Your task is to copy each line of the records that includes the string "translate".

======== Data provided ========

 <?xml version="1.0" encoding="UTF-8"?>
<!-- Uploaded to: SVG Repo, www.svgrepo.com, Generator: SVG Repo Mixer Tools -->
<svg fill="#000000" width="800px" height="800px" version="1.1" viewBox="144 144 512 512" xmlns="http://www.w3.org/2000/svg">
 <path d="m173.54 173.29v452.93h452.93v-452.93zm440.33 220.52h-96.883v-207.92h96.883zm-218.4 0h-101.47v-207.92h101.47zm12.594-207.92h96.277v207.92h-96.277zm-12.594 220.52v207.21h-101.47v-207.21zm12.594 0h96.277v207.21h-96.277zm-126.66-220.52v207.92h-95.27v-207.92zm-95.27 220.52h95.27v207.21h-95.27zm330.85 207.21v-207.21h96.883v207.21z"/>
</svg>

========
======== Data provided ========

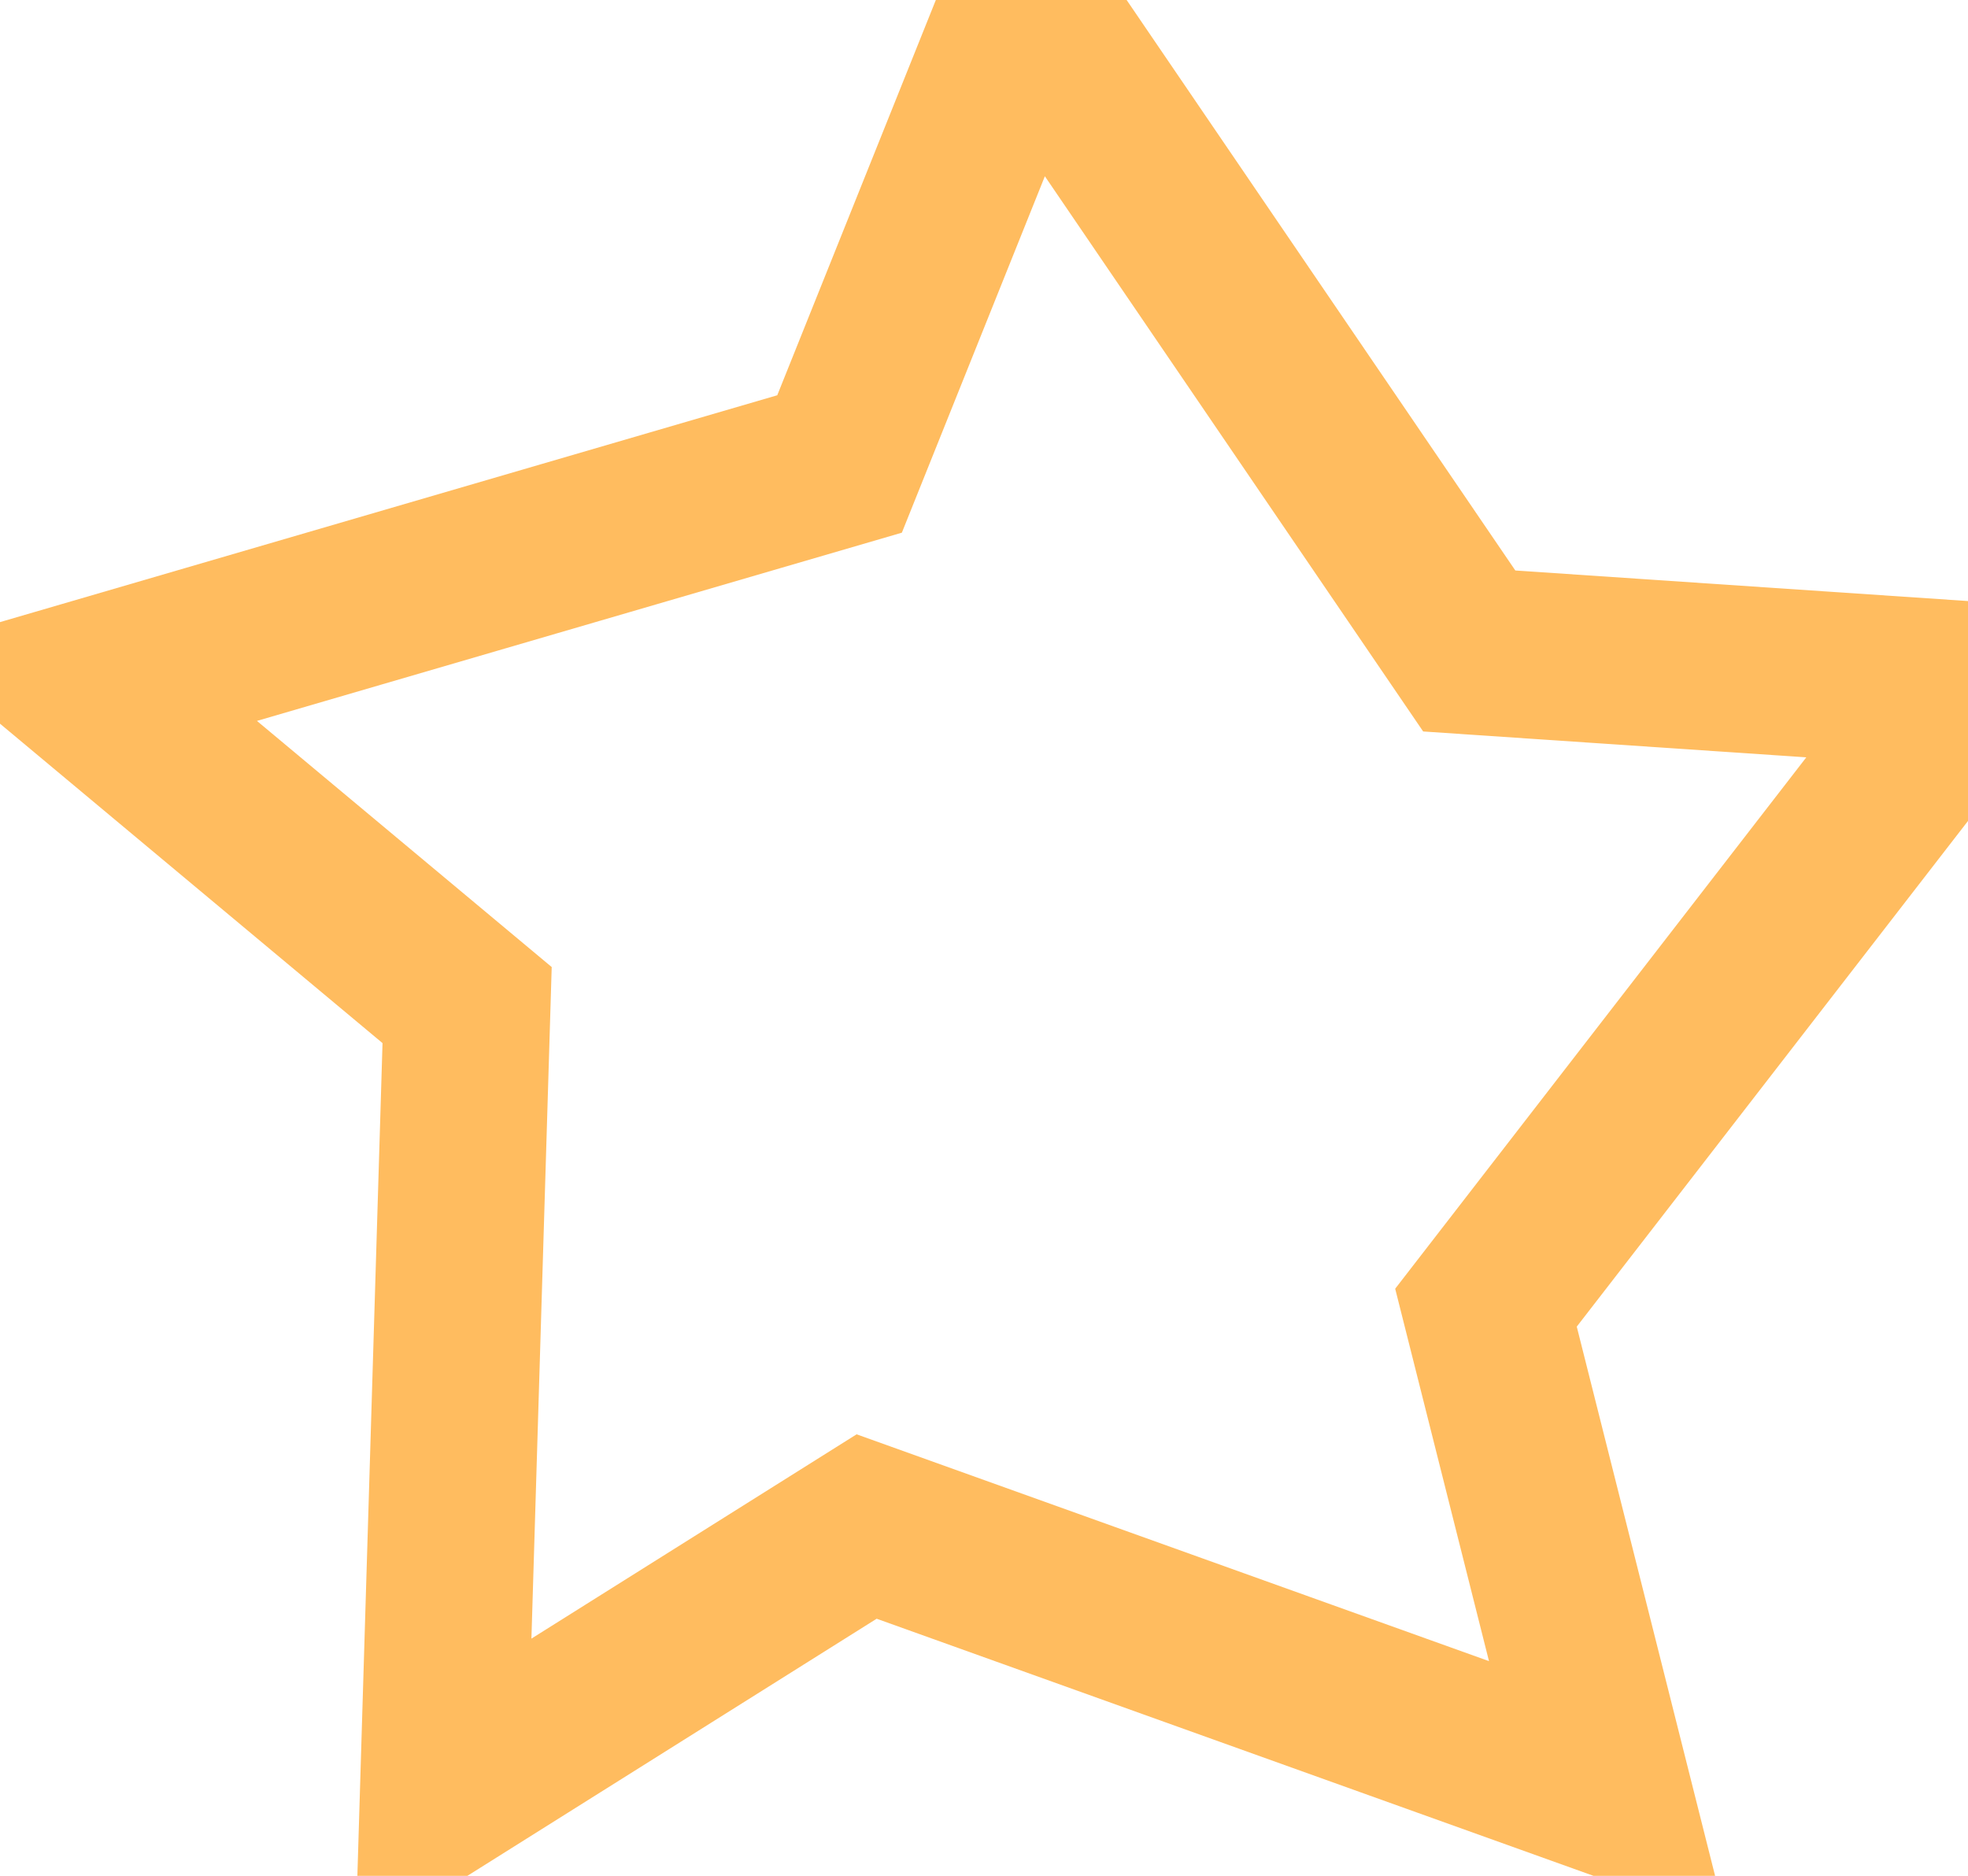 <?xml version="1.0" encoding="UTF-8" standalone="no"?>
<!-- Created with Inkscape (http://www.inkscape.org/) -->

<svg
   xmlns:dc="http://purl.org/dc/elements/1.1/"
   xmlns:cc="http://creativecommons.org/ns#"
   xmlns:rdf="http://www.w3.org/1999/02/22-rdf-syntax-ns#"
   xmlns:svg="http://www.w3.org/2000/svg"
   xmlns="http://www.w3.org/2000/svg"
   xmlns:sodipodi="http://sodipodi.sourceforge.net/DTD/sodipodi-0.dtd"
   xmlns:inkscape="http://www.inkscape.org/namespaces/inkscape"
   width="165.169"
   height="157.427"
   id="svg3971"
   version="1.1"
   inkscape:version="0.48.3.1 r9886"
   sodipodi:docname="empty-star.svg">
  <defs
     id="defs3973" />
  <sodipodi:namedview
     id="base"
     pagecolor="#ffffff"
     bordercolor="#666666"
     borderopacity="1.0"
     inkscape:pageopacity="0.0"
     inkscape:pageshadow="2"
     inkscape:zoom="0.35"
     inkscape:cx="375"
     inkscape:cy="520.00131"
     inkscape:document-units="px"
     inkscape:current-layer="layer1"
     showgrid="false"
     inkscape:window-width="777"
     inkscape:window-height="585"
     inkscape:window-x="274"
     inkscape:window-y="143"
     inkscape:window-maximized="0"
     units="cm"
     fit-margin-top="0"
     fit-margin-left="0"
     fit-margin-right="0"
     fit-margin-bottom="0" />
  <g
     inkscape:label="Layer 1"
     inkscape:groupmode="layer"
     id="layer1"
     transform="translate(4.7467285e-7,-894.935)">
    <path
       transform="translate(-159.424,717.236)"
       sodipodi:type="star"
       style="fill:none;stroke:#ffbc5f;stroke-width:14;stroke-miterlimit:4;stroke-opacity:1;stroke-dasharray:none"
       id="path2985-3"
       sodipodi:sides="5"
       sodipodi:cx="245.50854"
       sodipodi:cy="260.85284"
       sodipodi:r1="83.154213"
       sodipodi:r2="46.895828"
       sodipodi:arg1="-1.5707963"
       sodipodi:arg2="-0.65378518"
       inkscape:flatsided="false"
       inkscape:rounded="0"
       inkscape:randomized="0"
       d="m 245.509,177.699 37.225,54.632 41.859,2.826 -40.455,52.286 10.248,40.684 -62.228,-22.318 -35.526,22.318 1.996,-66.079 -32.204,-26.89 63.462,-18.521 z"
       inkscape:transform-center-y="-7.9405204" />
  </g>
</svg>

========

• [Written reply]
     transform="translate(4.7467285e-7,-894.935)">
       transform="translate(-159.424,717.236)"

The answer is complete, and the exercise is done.